***** RECORDS FOR THIS EXERCISE

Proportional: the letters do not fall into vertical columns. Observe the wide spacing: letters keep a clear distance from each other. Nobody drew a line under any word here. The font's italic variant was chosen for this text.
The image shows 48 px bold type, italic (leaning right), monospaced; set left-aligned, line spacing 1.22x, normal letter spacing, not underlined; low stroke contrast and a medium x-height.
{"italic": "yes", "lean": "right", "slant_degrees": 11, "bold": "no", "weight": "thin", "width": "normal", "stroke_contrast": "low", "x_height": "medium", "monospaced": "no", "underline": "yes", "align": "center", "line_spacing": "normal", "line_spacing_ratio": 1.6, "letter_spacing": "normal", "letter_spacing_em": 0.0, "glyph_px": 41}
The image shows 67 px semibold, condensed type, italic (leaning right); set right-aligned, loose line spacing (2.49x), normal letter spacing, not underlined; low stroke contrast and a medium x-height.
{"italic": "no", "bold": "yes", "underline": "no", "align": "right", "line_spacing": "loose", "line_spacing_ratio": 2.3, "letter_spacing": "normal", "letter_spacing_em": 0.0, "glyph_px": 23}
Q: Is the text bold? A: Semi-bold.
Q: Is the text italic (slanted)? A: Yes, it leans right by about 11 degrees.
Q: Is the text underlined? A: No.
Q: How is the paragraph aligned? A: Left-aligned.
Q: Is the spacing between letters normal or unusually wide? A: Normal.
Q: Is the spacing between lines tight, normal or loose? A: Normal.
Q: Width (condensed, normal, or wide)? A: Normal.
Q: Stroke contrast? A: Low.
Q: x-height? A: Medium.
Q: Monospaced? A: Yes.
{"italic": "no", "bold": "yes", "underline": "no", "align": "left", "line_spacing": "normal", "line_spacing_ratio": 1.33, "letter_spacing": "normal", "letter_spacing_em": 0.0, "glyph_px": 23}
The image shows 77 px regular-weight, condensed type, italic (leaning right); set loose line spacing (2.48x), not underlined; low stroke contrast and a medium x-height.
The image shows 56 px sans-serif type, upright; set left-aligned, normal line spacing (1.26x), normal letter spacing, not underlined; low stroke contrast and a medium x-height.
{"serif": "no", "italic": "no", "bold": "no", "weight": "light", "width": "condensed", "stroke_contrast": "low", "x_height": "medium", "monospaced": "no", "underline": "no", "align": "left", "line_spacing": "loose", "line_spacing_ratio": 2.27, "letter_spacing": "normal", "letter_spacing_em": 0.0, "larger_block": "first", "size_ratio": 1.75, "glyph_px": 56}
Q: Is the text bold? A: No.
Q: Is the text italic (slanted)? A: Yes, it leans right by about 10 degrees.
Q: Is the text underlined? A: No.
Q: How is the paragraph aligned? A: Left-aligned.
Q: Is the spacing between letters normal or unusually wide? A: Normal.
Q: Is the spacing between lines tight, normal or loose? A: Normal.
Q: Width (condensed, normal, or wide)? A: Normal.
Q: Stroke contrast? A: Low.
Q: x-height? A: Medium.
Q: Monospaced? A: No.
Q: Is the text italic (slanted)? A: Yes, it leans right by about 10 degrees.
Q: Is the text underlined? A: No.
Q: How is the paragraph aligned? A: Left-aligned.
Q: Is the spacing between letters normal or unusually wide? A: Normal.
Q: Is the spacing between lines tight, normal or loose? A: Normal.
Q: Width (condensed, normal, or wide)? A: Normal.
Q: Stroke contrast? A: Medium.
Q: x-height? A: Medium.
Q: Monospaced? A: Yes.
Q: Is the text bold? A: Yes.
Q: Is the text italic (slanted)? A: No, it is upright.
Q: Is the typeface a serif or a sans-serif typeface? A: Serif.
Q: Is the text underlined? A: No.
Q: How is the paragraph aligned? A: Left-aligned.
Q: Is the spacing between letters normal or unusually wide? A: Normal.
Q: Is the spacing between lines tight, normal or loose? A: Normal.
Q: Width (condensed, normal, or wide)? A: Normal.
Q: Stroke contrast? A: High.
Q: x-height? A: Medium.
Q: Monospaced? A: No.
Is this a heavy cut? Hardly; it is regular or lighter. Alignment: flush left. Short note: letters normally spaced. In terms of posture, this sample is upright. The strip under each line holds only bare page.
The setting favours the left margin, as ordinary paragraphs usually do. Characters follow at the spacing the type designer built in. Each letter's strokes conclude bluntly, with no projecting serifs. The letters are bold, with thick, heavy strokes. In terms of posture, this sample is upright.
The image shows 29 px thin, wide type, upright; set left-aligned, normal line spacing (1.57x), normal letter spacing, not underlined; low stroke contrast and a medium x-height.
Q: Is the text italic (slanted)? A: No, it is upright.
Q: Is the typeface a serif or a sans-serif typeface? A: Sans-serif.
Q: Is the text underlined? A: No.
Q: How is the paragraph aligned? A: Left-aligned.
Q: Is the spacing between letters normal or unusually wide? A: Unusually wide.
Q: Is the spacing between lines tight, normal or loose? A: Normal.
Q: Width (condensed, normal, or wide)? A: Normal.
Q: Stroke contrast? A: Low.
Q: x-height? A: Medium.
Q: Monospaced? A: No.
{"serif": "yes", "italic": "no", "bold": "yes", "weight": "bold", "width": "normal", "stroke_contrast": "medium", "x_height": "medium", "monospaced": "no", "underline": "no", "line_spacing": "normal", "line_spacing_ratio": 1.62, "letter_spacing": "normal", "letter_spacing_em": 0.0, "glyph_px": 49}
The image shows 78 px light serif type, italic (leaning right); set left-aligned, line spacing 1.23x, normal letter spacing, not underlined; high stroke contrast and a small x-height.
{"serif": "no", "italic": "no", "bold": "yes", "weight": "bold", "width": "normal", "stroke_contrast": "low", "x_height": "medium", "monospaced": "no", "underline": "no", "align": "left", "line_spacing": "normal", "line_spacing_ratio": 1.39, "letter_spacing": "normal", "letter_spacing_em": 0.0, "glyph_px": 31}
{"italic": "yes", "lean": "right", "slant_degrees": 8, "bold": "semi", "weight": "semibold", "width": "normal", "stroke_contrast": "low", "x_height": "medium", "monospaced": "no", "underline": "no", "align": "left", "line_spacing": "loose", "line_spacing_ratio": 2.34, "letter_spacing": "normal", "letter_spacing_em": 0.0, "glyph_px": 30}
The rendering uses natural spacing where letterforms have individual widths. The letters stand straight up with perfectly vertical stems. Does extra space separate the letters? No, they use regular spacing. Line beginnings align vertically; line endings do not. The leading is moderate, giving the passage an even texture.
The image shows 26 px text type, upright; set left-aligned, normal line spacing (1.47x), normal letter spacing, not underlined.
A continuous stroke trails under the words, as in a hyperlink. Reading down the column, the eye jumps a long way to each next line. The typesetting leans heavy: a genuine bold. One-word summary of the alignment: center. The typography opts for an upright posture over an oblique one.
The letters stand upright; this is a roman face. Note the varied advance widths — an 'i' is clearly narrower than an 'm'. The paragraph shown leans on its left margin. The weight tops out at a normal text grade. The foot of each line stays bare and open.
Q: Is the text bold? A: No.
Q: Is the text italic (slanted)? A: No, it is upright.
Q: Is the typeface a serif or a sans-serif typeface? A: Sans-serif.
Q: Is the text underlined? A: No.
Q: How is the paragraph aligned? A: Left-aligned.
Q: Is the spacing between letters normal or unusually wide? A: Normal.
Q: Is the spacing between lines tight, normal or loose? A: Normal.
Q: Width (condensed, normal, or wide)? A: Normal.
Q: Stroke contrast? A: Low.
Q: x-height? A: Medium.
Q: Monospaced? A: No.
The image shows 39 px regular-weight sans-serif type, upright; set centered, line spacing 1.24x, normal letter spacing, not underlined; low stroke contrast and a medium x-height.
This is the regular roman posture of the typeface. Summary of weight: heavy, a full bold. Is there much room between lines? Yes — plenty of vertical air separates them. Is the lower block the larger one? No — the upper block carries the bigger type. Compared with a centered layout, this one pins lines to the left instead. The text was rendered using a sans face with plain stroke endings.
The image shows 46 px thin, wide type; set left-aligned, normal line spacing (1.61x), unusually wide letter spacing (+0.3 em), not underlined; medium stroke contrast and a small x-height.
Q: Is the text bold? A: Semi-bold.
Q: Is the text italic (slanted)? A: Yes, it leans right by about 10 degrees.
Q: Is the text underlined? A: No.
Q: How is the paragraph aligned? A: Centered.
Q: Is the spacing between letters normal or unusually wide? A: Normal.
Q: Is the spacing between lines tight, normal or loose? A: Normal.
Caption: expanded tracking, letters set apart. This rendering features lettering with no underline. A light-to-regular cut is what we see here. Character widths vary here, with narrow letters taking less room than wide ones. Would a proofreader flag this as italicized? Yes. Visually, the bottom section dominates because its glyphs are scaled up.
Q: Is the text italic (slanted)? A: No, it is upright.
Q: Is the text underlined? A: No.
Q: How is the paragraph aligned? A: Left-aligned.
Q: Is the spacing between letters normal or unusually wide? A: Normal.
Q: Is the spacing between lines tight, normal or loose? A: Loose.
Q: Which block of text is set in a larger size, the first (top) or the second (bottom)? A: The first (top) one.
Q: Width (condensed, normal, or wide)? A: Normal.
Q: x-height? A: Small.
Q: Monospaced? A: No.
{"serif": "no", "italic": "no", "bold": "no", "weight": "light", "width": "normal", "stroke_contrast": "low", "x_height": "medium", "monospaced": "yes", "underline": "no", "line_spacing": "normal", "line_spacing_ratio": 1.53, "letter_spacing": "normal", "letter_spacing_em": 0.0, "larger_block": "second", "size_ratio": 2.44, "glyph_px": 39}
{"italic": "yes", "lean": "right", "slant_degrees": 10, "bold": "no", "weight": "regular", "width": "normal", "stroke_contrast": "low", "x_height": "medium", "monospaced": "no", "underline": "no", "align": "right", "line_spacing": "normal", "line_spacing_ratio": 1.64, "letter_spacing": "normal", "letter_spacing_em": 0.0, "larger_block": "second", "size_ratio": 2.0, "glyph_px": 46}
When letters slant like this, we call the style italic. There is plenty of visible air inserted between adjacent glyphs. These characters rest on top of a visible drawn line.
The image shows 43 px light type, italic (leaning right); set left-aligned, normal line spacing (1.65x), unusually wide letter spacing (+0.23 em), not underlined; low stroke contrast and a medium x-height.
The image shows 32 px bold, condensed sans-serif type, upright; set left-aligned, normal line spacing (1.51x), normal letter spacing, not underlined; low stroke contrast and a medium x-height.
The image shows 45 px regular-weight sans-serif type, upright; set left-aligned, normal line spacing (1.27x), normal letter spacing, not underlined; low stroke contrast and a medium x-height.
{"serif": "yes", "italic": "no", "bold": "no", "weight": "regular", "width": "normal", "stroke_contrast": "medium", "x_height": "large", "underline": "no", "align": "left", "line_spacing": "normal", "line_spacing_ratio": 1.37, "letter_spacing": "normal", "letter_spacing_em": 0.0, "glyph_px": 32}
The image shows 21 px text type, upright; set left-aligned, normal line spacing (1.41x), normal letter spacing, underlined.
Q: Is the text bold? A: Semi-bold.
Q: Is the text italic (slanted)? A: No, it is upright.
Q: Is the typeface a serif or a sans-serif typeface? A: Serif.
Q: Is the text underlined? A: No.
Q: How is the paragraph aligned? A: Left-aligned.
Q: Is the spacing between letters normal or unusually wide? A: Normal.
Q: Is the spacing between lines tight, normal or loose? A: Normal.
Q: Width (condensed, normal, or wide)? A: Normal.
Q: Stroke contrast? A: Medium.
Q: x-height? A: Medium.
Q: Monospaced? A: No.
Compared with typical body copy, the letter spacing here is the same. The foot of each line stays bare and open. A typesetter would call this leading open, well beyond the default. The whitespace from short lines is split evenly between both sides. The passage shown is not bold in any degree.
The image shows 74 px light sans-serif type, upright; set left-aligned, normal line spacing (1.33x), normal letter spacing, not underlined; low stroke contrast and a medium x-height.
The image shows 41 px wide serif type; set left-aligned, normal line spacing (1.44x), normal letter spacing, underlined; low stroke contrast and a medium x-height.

**********

**REQUIREMENT**: Restate word for word the lines of the data above, starting at the line containing "Q: Which block" and ending at the line containing "The image shows 32", both included, and nothing more.

**RESPONSE BELOW**:
Q: Which block of text is set in a larger size, the first (top) or the second (bottom)? A: The first (top) one.
Q: Width (condensed, normal, or wide)? A: Normal.
Q: x-height? A: Small.
Q: Monospaced? A: No.
{"serif": "no", "italic": "no", "bold": "no", "weight": "light", "width": "normal", "stroke_contrast": "low", "x_height": "medium", "monospaced": "yes", "underline": "no", "line_spacing": "normal", "line_spacing_ratio": 1.53, "letter_spacing": "normal", "letter_spacing_em": 0.0, "larger_block": "second", "size_ratio": 2.44, "glyph_px": 39}
{"italic": "yes", "lean": "right", "slant_degrees": 10, "bold": "no", "weight": "regular", "width": "normal", "stroke_contrast": "low", "x_height": "medium", "monospaced": "no", "underline": "no", "align": "right", "line_spacing": "normal", "line_spacing_ratio": 1.64, "letter_spacing": "normal", "letter_spacing_em": 0.0, "larger_block": "second", "size_ratio": 2.0, "glyph_px": 46}
When letters slant like this, we call the style italic. There is plenty of visible air inserted between adjacent glyphs. These characters rest on top of a visible drawn line.
The image shows 43 px light type, italic (leaning right); set left-aligned, normal line spacing (1.65x), unusually wide letter spacing (+0.23 em), not underlined; low stroke contrast and a medium x-height.
The image shows 32 px bold, condensed sans-serif type, upright; set left-aligned, normal line spacing (1.51x), normal letter spacing, not underlined; low stroke contrast and a medium x-height.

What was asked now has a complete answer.